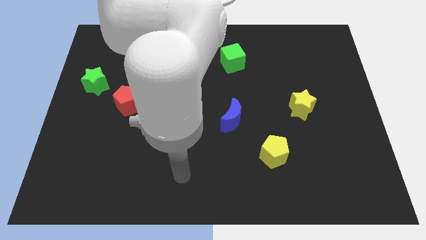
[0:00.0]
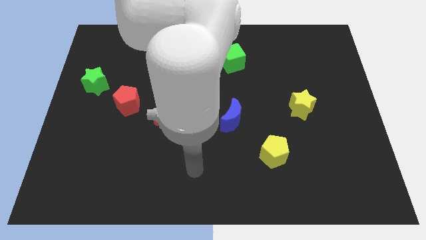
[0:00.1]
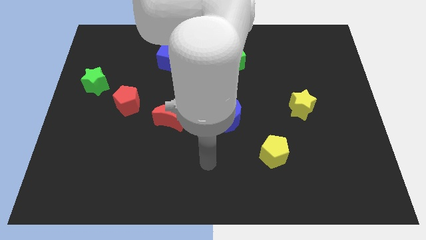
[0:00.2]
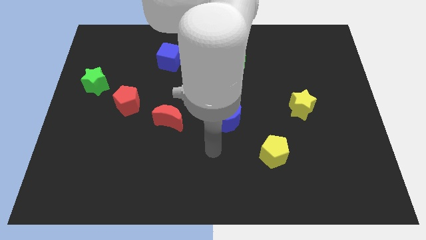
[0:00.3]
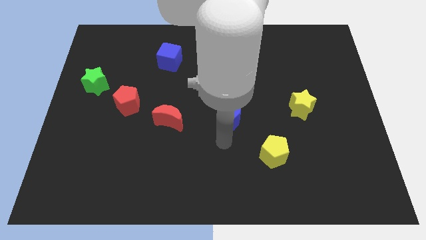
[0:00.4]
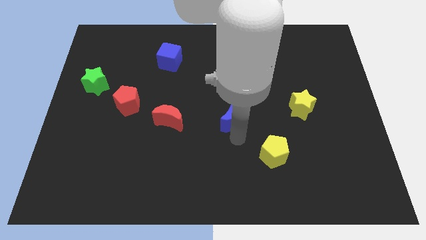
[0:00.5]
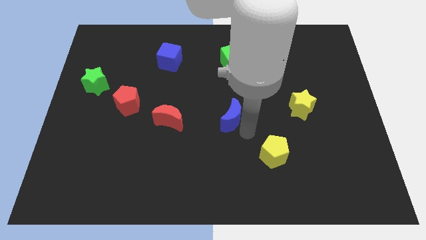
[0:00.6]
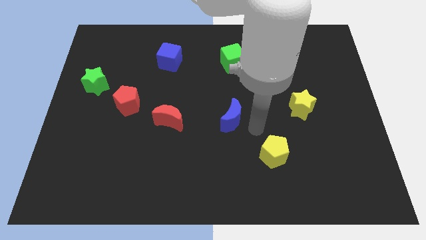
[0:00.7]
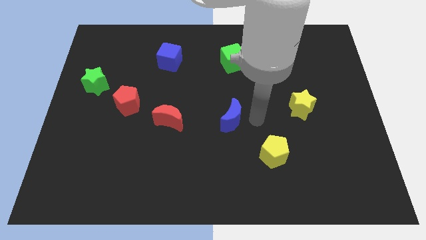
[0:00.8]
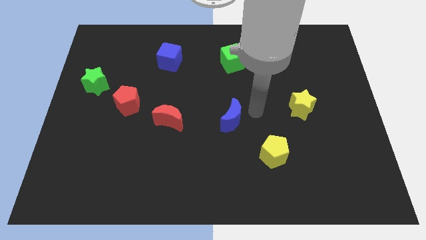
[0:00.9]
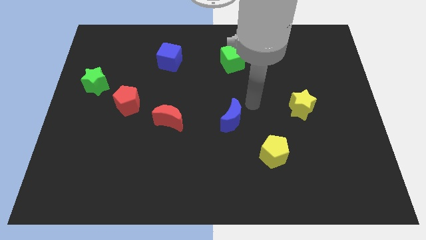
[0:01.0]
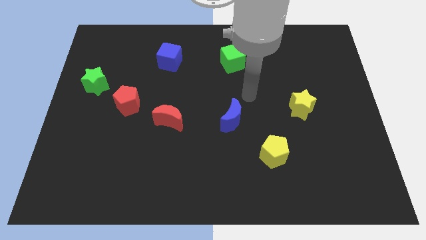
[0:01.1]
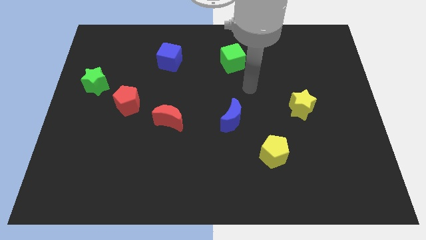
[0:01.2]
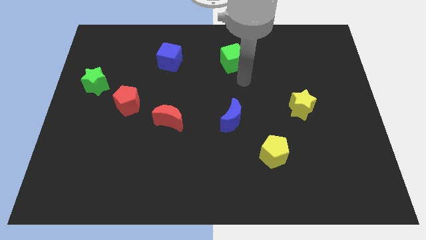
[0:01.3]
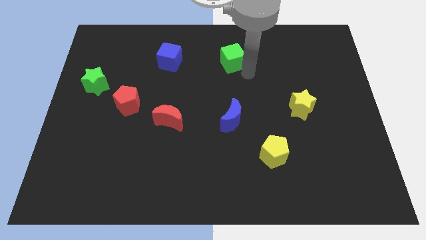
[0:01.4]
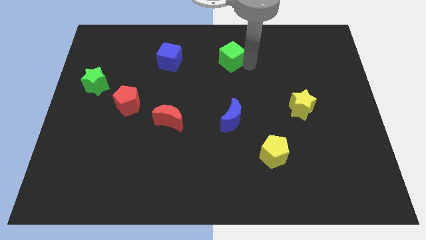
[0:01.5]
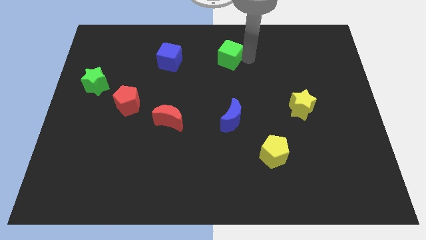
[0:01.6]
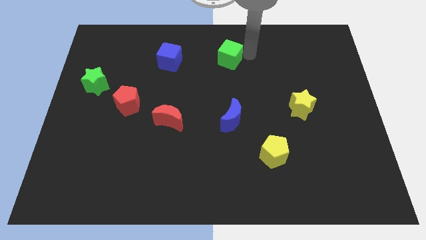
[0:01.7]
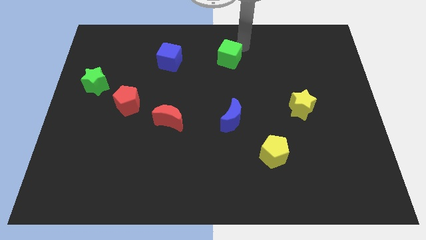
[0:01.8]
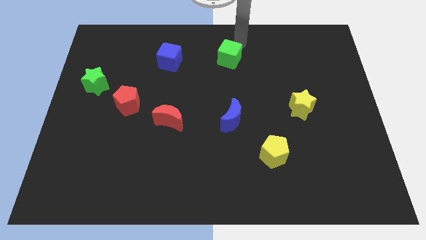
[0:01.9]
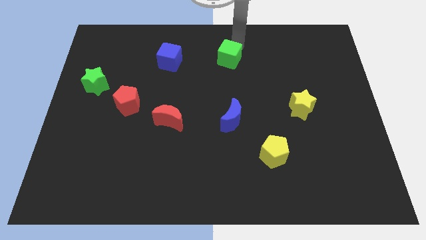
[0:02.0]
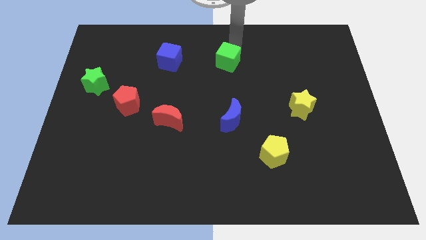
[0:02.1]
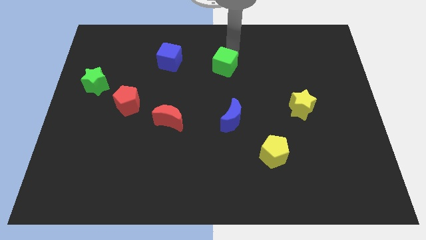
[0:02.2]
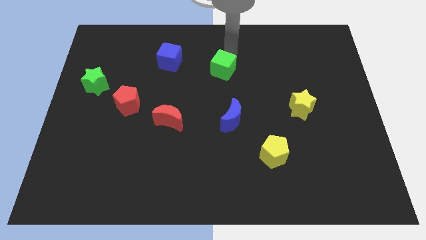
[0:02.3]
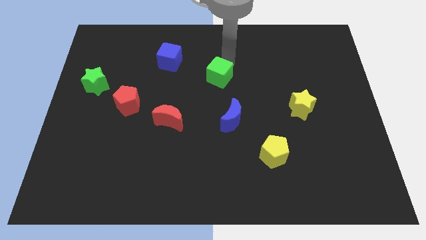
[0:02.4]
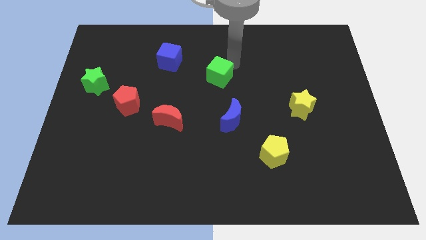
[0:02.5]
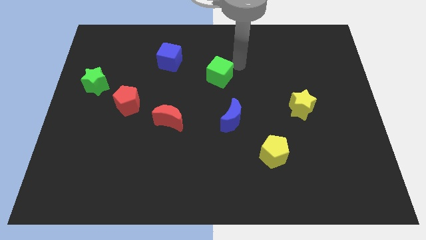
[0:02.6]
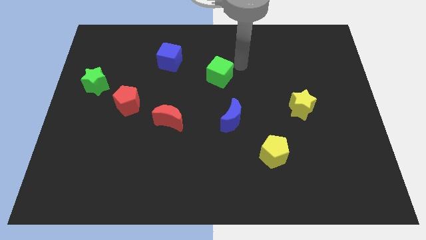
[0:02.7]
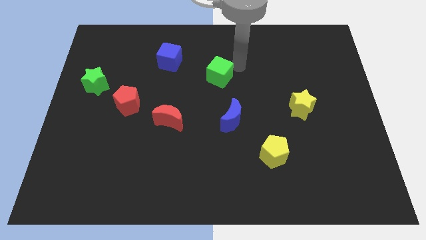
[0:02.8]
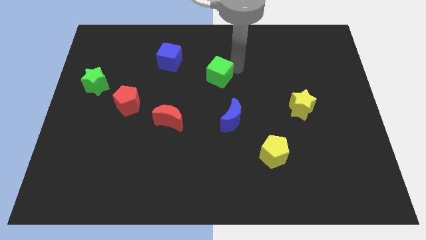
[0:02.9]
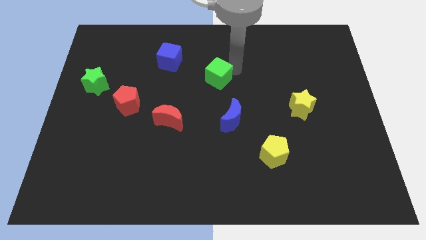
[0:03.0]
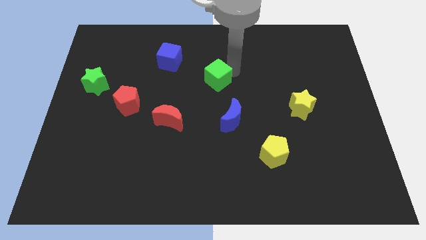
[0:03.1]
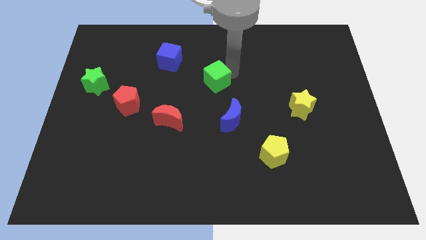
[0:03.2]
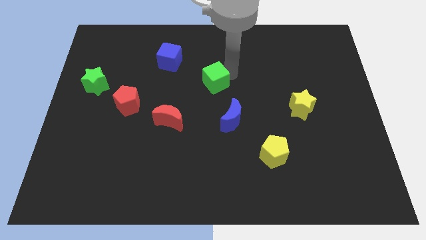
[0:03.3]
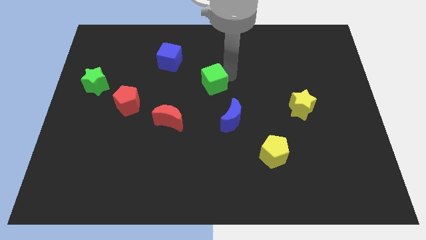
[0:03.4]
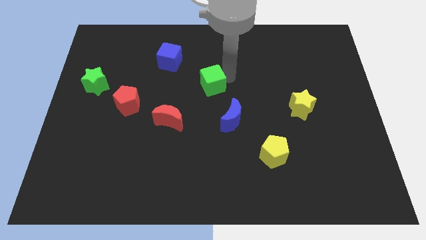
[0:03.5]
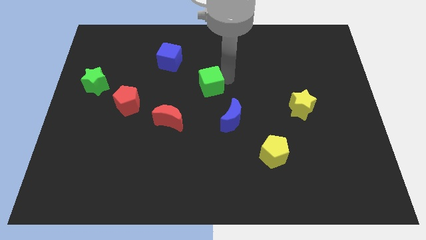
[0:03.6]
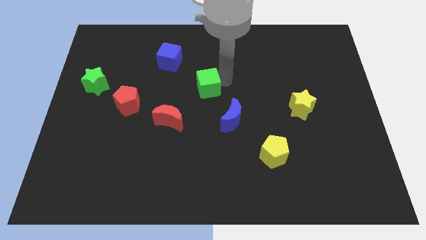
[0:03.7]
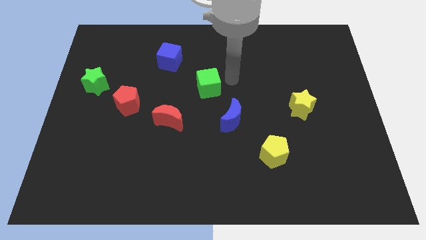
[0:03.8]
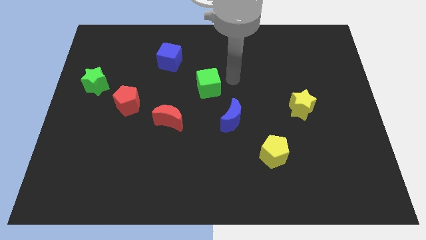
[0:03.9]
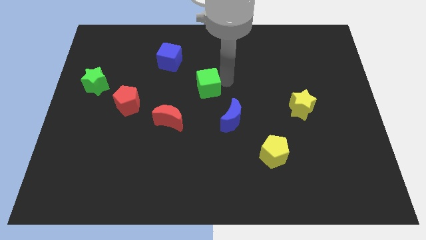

◇ ◇ ◇

Work to be completed:
Word for word, return the records shown above without their pictures.

Response area:
[0:00.0]
[0:00.1]
[0:00.2]
[0:00.3]
[0:00.4]
[0:00.5]
[0:00.6]
[0:00.7]
[0:00.8]
[0:00.9]
[0:01.0]
[0:01.1]
[0:01.2]
[0:01.3]
[0:01.4]
[0:01.5]
[0:01.6]
[0:01.7]
[0:01.8]
[0:01.9]
[0:02.0]
[0:02.1]
[0:02.2]
[0:02.3]
[0:02.4]
[0:02.5]
[0:02.6]
[0:02.7]
[0:02.8]
[0:02.9]
[0:03.0]
[0:03.1]
[0:03.2]
[0:03.3]
[0:03.4]
[0:03.5]
[0:03.6]
[0:03.7]
[0:03.8]
[0:03.9]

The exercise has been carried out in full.